Economic abuse essentially means where the wife has no means to survive financially due to the wilful negligence of the husband.

Since her salary was comparable to Nitesh's, I had advised her that legally it would not be easy to claim much from him, although the law does have various provisions for providing maintenance to a wife such as under Section 24 of the Hindu Marriage Act, which essentially provides interim maintenance to a wife during the pendency of litigation and also, at times, for litigation. The reason for this provision was to protect wives from being thrown out by husbands without any means to support themselves. It was also intended for wives who are not working and have no independent source of income.

However, today the scenario has changed and more women are working and have their own income. So the courts have also taken this into cognisance whilst ordering husbands to pay for wife's maintenance.

A recent judgement of the Rajasthan High Court by Hon'ble Justice Prashant Kumar Agarwal emphasises that "refusal to provide maintenance to be qualified and earning wife cannot be termed as economic abuse." The facts of that matter were that Sunjay and Reema were married in 2007 and barely 30 days after the marriage Reema left for her matrimonial home. Reema was a qualified nurse by profession and continued working. She had claimed economic relief under the Domestic Violence Act, 2005, which includes the provision of "economic abuse":

(a) Deprivation of all or any economic or financial resources to which the aggrieved person is entitled under any law or custom whether payable under an order of a court or otherwise or which the aggrieved person requires out of necessity including, but not limited to, household necessities for the aggrieved person and her children, if any, stridhan, property, jointly or separately owned by the aggrieved person, payment of rental related to the shared household and maintenance;

(b) Disposal of household effects, any alienation of assets whether movable or immovable, valuables, shares, securities, bonds and the like or other property in which the aggrieved person has an interest or is entitled to use by virtue of the domestic relationship or which may be reasonably required by the aggrieved person or her children or her stridhan or any other property jointly or separately held by the aggrieved person; and

(c) Prohibition or restriction to continued access to resources or facilities which the aggrieved person is entitled to use or enjoy by virtue of the domestic relationship including access to the shared household. Explanation II.—For the purpose of determining whether any act, omission, commission or conduct of the respondent constitutes "domestic violence" under this section, the overall facts and circumstances of the case shall be taken into consideration.
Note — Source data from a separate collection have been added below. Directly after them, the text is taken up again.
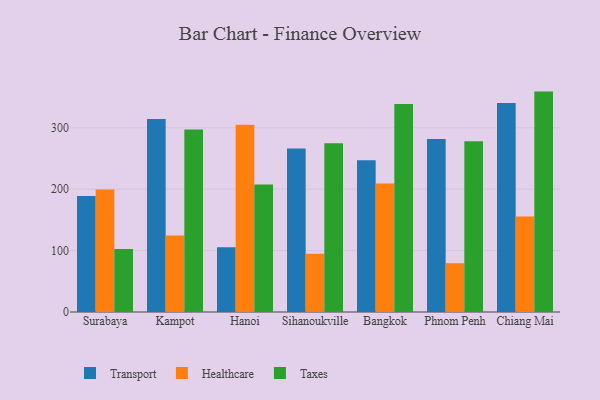
{"axis": {"x": "City", "y": "Population (Million)"}, "legend": ["Healthcare", "Taxes", "Transport"], "data": [{"x": "Surabaya", "y": 188.8, "type": "Transport"}, {"x": "Surabaya", "y": 199.3, "type": "Healthcare"}, {"x": "Surabaya", "y": 102.7, "type": "Taxes"}, {"x": "Kampot", "y": 314.1, "type": "Transport"}, {"x": "Kampot", "y": 124.7, "type": "Healthcare"}, {"x": "Kampot", "y": 297.3, "type": "Taxes"}, {"x": "Hanoi", "y": 105.3, "type": "Transport"}, {"x": "Hanoi", "y": 305.1, "type": "Healthcare"}, {"x": "Hanoi", "y": 207.5, "type": "Taxes"}, {"x": "Sihanoukville", "y": 266.2, "type": "Transport"}, {"x": "Sihanoukville", "y": 94.7, "type": "Healthcare"}, {"x": "Sihanoukville", "y": 274.8, "type": "Taxes"}, {"x": "Bangkok", "y": 247.2, "type": "Transport"}, {"x": "Bangkok", "y": 209.1, "type": "Healthcare"}, {"x": "Bangkok", "y": 338.9, "type": "Taxes"}, {"x": "Phnom Penh", "y": 281.8, "type": "Transport"}, {"x": "Phnom Penh", "y": 79.5, "type": "Healthcare"}, {"x": "Phnom Penh", "y": 278.0, "type": "Taxes"}, {"x": "Chiang Mai", "y": 340.3, "type": "Transport"}, {"x": "Chiang Mai", "y": 155.7, "type": "Healthcare"}, {"x": "Chiang Mai", "y": 358.9, "type": "Taxes"}]}
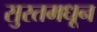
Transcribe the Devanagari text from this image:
सुरतमधून
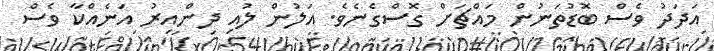
އަދަދު ވެސް ބޮޑުތަނުން މައްޗަށް ގޮސްގެނެވެ. އަލުން ލުއި ދިންއިރު އަނެއްކާ ވެސް
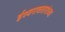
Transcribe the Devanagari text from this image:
ईश्वरावतारांच्या
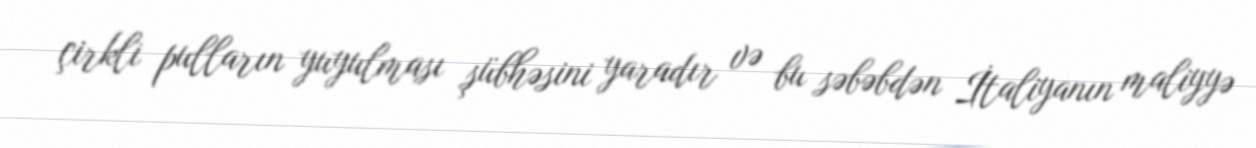
çirkli pulların yuyulması şübhəsini yaradır və bu səbəbdən İtaliyanın maliyyə
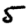
Digit: 5
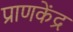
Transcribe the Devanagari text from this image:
प्राणकेंद्र
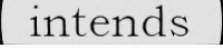
intends
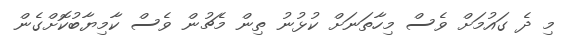
މި ދެ ގައުމަށް ވެސް މިހާތަނަށް ކުޅުނު ތިން މެޗުން ވެސް ކާމިޔާބުކޮށްގެން
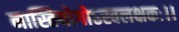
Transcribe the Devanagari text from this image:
नास्तियोगोऽस्वलक्षकः।।
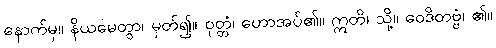
နောက်မှ။ နိယမေတွာ၊ မှတ်၍။ ဝုတ္တံ၊ ဟောအပ်၏။ ဣတိ၊ သို့။ ဝေဒိတဗ္ဗံ၊ ၏။
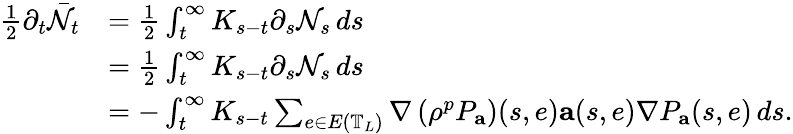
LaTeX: \begin{array}{rl}{\frac{1}{2}\partial_{t}\bar{\mathcal{N}}_{t}}&{=\frac 12\int_{t}^{\infty}K_{s-t}\partial_{s}\mathcal{N}_{s}\, ds}\\ &{=\frac 12\int_{t}^{\infty}K_{s-t}\partial_{s}\mathcal{N}_{s}\, ds}\\ &{=-\int_{t}^{\infty}K_{s-t}\sum_{e\in E\left(\mathbb{T}_{L}\right)}\nabla\left(\rho^{p}P_{\mathbf{a}}\right)(s,e)\mathbf{a}(s,e)\nabla P_{\mathbf{a}}(s,e)\, ds.}\end{array}
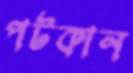
পটকান
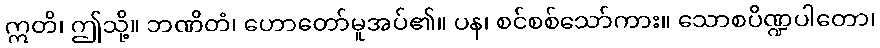
ဣတိ၊ ဤသို့။ ဘဏိတံ၊ ဟောတော်မူအပ်၏။ ပန၊ စင်စစ်သော်ကား။ သောစပိဏ္ဍပါတော၊
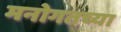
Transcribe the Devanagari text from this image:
मनोगतच्या
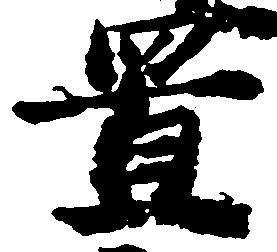
置
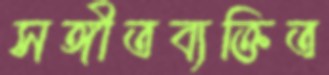
সঙ্গীতব্যক্তিত
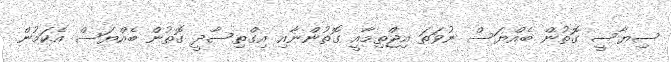
ސިޔާސީ ގޮތުން ބެއްޔަސް ނުވަތަ އިޖްތިމާއީ ގޮތުންނާއި އިގްތިސާދީ ގޮތުން ބެއްޔަސް އެކަމުން
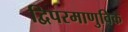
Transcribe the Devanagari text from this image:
द्विपरमाणुविक
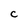
Character: C
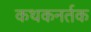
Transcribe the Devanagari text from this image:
कथकनर्तक
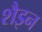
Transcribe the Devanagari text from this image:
शैइन
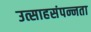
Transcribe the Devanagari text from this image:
उत्साहसंपन्नता
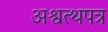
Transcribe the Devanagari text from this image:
अश्वत्थपत्र
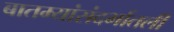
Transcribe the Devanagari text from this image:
बातम्यांसंदर्भातली
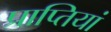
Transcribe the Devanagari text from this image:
प्राप्तियां
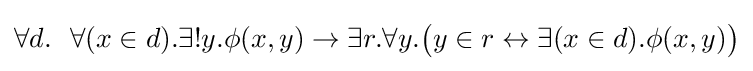
\forall d.\ \ \forall (x\in d).\exists !y.\phi (x,y)\to \exists r.\forall y.{\big (}y\in r\leftrightarrow \exists (x\in d).\phi (x,y){\big )}
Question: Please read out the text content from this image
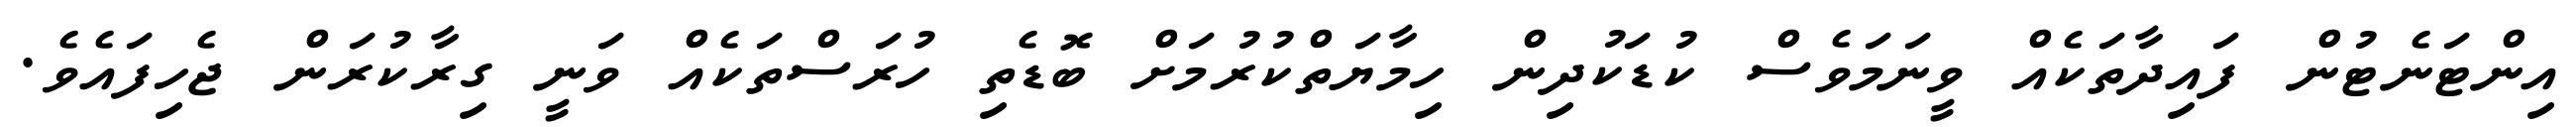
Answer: އިންޓަނެޓުން ފައިދާތަކެއް ވީނަމަވެސް ކުޑަކުދިން ހިމާޔަތްކުރުމަށް ބޮޑެތި ހުރަސްތަކެއް ވަނީ ގިރާކުރަން ޖެހިފައެވެ.
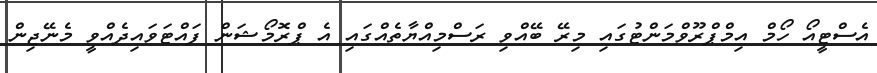
އެސްޓީއޯ ހޯމް އިމްޕްރޫވްމަންޓުގައި މިރޭ ބޭއްވި ރަސްމިއްޔާތެއްގައި އެ ޕްރޮމޯޝަން ފައްޓަވައިދެއްވީ މެނޭޖިން
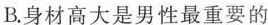
B.身材高大是男性最重要的
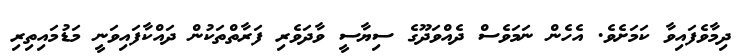
ދިމާވެފައިވާ ކަމަށެވެ. އެހެން ނަމަވެސް ދެއްވަދޫގެ ސިޔާސީ ވާދަވެރި ފަރާތްތަކުން ދައްކާފައިވަނީ މަޑުމައިތިރި
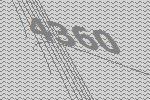
4360
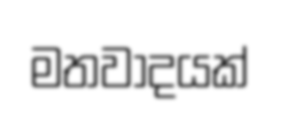
මතවාදයක්
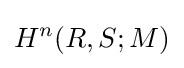
H^{n}(R,S;M)
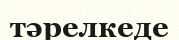
тәрелкеде
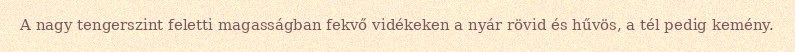
A nagy tengerszint feletti magasságban fekvő vidékeken a nyár rövid és hűvös, a tél pedig kemény.
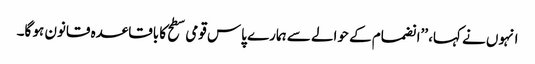
انہوں نے کہا، ’’انضمام کے حوالے سے ہمارے پاس قومی سطح کا باقاعدہ قانون ہو گا۔
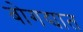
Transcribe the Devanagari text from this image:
बोगद्यात
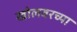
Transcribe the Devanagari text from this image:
खोलवरच्या
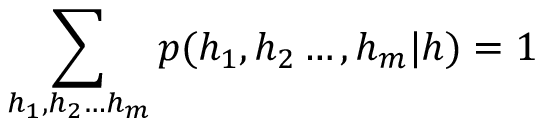
\sum _ { h _ { 1 } , h _ { 2 } \ldots h _ { m } } p ( h _ { 1 } , h _ { 2 } \ldots , h _ { m } | h ) = 1
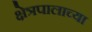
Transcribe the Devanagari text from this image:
क्षेत्रपालाच्या
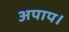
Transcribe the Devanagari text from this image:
अपाप।
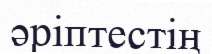
әріптестің
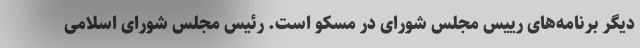
دیگر برنامه‌های رییس مجلس شورای در مسکو است. رئیس مجلس شورای اسلامی
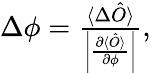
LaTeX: \begin{array}{r}{\Delta\phi=\frac{\langle\Delta\hat{O}\rangle}{\left|\frac{\partial\langle\hat{O}\rangle}{\partial\phi}\right|},}\end{array}
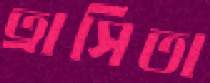
ত্রাসিতা
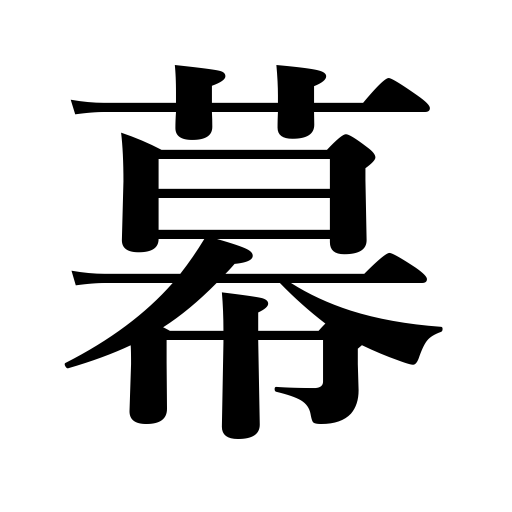
Meanings: end,curtain,an act in a play,a matter,bunting,first rank in sumo,a case

Economic abuse essentially means where the wife has no means to survive financially due to the wilful negligence of the husband. In Reema's case the court ruled that she had left the home of her own volition, she was also working of her own volition and her income was sufficient for her to survive.

This judgement may come as a relief to a number of men who feel that the court is biased in favour of women.

The law cannot encourage different criteria for claiming maintenance from the husband. The legal position about income of the wife as contemplated for the grant of maintenance is that if the wife of her own volition pursues a career where she earns her own income, then the sufficiency of that income is to be seen and calculated to reject or grant her claim of maintenance.

But if the wife is constrained to take up a job to in case of extreme necessity or to survive with dignity pending actual receipt of maintenance from her husband then the court may refuse to take her income into consideration whilst granting her maintenance.

In effect, it was held that Rena was not economically abused.

This judgement may come as a relief to a number of men who feel that the court is biased in favour of women. It is also a counter to the argument that the court is biased against men.

Renuka and Nitesh parted ways amicably and even divided their assets almost equally, with Nitesh signing off a little more in favour of Renuka. They ultimately filed for a divorce by mutual consent.

The court is not biased, it provides a fair judgement and that is the big hope for all of us litigants, lawyers and citizens of the country.

* All names of parties of divorce changed.